Tally give no result , error sources

Hi
It was very useful to read through the posts here to build my first file, which helped me improve the file to run. However, the tally doesn’t provide results. The idea of this simulation is to construct an exercise to measure the flux absorption fraction at the detector (sphere z=100) due to a sample at z=50 cm and the source near z=0. I used a sphere for now for the sake of simplicity in their description further the sample will be change to a disc. I looked carefully into geometry and cells definition but still no result in scoring flux at detector assumed cell.
here is the file
%matplotlib inline
import openmc
import matplotlib.pyplot as plt

sample= openmc.Material(material_id=1, name=‘SAMPLE’)
sample.add_nuclide(‘Al27’,1)
sample.set_density(‘g/cm3’, 2.7)

air = openmc.Material(material_id=2, name=‘air’)
air.add_element(‘N’, .788903, ‘ao’)
air.add_nuclide(‘O16’, .211097, ‘ao’)
air.set_density(‘atom/b-cm’, 4.614e-5)

materials = openmc.Materials([ sample , air])

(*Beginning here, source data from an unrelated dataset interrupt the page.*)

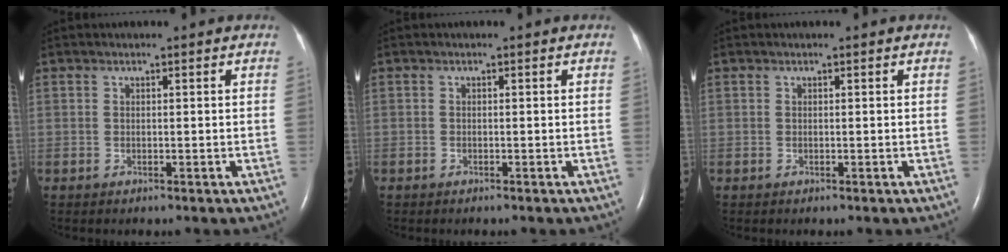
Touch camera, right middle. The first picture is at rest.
{"total": 0.0}
{"total": 0.0}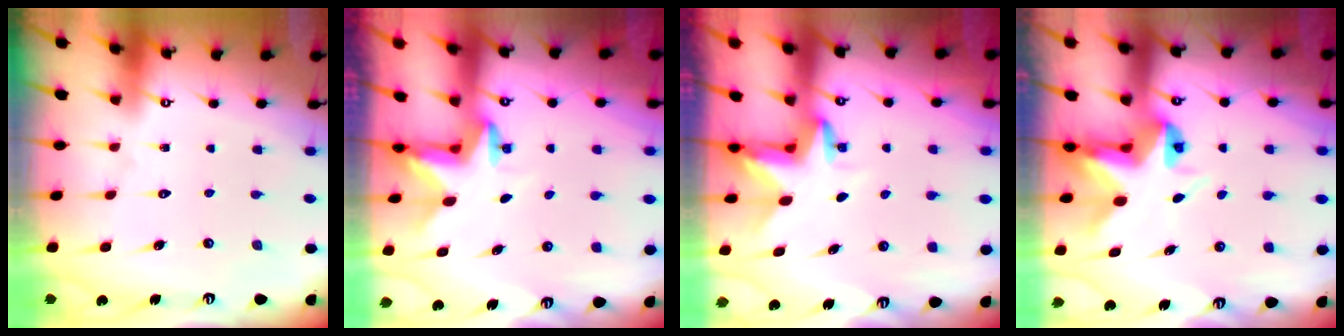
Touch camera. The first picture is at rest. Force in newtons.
{"total": 2.4, "press": 2.3, "slide": 0.4}
{"total": 3.4, "press": 3.4, "slide": 0.1}
{"total": 5.7, "press": 5.6, "slide": 0.6}

materials.cross_sections =‘/…/endfb71/endfb-vii.1-hdf5/cross_sections.xml’
materials.export_to_xml()

s101= openmc.Sphere(x0=0, y0=0,z0=50, r=10,boundary_type=‘transmission’)
s202= openmc.Sphere(x0=0, y0=0,z0=100, r=10,boundary_type=‘transmission’)
s303= openmc.Sphere(x0=0, y0=0,z0=80, r=70,boundary_type=‘transmission’)
s404= openmc.Sphere(x0=0, y0=0,z0=80, r=75,boundary_type=‘vacuum’)

cells

cell1 = openmc.Cell(name=‘Sample_50cm’)
cell1.fill = sample
cell1.region = -s101 # & +s202

cell2 = openmc.Cell(name=‘Detector’)
cell2.fill = air
cell2.region = -s202 # & +s101

cell3 = openmc.Cell(name=‘air’)
cell3.fill = air
cell3.region = -s303 & +s101 & +s202

cell4 = openmc.Cell(name=‘viod’)
cell4.region = -s404 & +s303 # & +s101 & +s202

universes

univ = openmc.Universe(cells=[cell1, cell2, cell3, cell4]) #
geom = openmc.Geometry(root=univ)

geom.export_to_xml(‘geometry.xml’)

geom.plot(width=(200, 300), basis=‘xz’, label=‘cell’)

Settings

settings = openmc.Settings()
settings.batches = 100
settings.inactive = 10
settings.particles = 10000
settings.run_mode = ‘fixed source’

source

source = openmc.Source()
source.space = openmc.stats.Point((0, 0, 10))
source.angle = openmc.stats.Isotropic()
source.energy = openmc.stats.Discrete([01.2e6], [1.0])
settings.source = source

flux tally

tallies = openmc.Tallies()
tally = openmc.Tally(name=‘flux’)
tally.filters = [openmc.CellFilter(cell2)]
tally.scores = [‘flux’]

settings.tallies = [tally]

settings.export_to_xml()

Run OpenMC!

!openmc

Any help will be appreciated
Thank you

Hi Al-Ghamdi,

Tally is not a part of settings. The last two lines of your flux tally block should be:

tallies = [tally] # not settings.tallies = [tally]
tallies.export_to_xml() # not settings.export_to_xml()

Hope this helps!

Xinyan

Hi waxinyan
Yes that was one part of the problem the other i solved regarding the definitions of cell 1 and 2.